● **PROBLEM DETAILS**
Scan the entries below and extract each line with the word "mixed" in it.

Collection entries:

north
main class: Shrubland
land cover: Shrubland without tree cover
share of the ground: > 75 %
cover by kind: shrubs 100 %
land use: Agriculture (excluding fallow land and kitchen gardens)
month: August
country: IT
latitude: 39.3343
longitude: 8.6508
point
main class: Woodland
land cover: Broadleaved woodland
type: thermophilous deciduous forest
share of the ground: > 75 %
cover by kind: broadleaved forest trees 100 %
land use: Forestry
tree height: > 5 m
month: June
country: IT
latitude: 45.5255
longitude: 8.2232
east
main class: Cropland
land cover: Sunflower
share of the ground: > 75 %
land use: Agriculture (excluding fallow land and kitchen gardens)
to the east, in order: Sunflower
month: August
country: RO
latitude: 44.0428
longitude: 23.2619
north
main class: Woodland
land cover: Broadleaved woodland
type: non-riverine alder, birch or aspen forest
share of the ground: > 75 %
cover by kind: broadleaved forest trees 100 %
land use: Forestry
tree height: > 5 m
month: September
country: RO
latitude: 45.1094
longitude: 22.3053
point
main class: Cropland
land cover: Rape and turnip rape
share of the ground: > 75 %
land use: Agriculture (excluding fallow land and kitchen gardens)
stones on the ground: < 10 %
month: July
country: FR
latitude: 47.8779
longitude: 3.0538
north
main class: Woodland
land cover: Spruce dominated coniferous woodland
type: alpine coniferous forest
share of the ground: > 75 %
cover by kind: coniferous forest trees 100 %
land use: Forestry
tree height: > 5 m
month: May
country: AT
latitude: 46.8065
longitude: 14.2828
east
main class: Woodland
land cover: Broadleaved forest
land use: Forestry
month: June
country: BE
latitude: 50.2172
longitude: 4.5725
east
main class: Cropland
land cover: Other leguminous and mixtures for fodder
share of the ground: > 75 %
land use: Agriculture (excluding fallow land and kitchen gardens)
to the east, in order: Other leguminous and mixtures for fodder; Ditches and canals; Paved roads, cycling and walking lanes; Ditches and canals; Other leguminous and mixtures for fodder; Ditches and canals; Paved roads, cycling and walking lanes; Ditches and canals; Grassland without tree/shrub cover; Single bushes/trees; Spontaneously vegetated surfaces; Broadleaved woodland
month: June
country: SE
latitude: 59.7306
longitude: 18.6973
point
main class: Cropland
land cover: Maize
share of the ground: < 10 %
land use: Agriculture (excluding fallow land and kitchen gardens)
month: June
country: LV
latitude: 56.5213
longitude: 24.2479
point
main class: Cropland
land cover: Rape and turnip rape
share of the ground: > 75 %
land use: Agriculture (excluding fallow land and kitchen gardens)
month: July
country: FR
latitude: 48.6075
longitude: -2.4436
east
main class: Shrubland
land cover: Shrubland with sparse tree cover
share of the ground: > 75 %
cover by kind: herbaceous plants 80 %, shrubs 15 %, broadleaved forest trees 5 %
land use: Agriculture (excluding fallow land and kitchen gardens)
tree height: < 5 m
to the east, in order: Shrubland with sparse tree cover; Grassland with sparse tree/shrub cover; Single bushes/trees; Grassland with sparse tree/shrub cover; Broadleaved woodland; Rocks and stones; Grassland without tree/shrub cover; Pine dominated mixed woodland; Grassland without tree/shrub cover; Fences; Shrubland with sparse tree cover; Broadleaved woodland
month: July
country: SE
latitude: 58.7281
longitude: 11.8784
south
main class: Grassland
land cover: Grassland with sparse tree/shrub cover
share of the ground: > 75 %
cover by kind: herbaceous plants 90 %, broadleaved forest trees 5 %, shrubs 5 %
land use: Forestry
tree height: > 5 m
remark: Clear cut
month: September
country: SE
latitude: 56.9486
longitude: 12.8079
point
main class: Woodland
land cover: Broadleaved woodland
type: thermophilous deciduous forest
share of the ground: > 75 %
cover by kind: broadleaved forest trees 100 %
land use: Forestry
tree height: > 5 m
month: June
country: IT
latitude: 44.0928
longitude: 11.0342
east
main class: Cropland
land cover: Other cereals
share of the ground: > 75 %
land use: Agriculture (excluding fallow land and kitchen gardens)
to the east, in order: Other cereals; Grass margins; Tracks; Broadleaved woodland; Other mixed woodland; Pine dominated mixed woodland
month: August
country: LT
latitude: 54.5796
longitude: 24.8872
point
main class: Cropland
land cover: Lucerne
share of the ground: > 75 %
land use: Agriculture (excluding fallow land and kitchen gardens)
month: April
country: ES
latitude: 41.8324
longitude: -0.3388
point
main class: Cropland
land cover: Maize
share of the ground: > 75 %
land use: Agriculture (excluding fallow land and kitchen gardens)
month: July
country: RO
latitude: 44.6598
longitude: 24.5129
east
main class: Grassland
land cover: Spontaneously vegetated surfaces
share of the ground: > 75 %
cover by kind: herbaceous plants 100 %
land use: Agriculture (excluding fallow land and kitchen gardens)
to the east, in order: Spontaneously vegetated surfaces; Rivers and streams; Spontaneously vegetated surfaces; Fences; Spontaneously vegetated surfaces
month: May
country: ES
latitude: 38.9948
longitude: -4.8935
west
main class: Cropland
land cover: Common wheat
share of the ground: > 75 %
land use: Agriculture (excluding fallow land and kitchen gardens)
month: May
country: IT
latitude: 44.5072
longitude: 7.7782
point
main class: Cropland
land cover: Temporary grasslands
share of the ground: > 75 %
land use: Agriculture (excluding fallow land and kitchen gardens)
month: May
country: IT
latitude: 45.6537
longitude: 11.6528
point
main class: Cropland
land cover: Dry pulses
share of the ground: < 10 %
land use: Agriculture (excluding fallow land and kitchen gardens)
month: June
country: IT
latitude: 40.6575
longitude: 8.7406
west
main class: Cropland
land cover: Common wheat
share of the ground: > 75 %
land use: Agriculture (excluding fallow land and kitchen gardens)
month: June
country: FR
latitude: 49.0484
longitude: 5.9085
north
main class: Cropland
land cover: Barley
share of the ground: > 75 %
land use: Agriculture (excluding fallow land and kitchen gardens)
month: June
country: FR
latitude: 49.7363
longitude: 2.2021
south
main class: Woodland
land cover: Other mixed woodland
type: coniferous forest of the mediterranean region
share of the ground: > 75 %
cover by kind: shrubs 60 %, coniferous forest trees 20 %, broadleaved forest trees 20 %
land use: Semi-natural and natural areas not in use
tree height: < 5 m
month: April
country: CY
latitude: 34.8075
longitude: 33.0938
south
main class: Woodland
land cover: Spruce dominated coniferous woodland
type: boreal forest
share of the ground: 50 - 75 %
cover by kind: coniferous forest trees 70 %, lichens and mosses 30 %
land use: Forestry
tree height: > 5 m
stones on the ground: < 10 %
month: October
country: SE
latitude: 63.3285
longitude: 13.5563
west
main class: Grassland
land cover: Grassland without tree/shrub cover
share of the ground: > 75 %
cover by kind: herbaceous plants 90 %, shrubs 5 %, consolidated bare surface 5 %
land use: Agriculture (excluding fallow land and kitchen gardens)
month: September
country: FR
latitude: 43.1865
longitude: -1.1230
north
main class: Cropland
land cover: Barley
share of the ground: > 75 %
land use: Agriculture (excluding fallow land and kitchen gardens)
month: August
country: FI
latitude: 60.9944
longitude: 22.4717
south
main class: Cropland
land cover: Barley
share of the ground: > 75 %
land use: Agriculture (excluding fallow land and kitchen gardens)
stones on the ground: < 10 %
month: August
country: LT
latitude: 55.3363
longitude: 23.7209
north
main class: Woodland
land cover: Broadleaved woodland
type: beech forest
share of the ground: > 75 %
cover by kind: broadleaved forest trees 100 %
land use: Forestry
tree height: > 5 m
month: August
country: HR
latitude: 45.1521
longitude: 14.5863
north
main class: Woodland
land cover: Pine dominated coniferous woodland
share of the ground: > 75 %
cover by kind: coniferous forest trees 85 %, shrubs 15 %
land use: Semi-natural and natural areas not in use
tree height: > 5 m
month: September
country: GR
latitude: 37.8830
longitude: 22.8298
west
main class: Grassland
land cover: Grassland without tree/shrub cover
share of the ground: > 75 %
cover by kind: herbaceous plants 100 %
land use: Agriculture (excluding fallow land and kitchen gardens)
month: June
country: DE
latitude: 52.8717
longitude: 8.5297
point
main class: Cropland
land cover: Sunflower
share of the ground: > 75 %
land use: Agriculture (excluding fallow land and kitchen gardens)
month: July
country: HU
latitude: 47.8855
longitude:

● **ANSWER FOR THIS EXERCISE**
to the east, in order: Shrubland with sparse tree cover; Grassland with sparse tree/shrub cover; Single bushes/trees; Grassland with sparse tree/shrub cover; Broadleaved woodland; Rocks and stones; Grassland without tree/shrub cover; Pine dominated mixed woodland; Grassland without tree/shrub cover; Fences; Shrubland with sparse tree cover; Broadleaved woodland
to the east, in order: Other cereals; Grass margins; Tracks; Broadleaved woodland; Other mixed woodland; Pine dominated mixed woodland
land cover: Other mixed woodland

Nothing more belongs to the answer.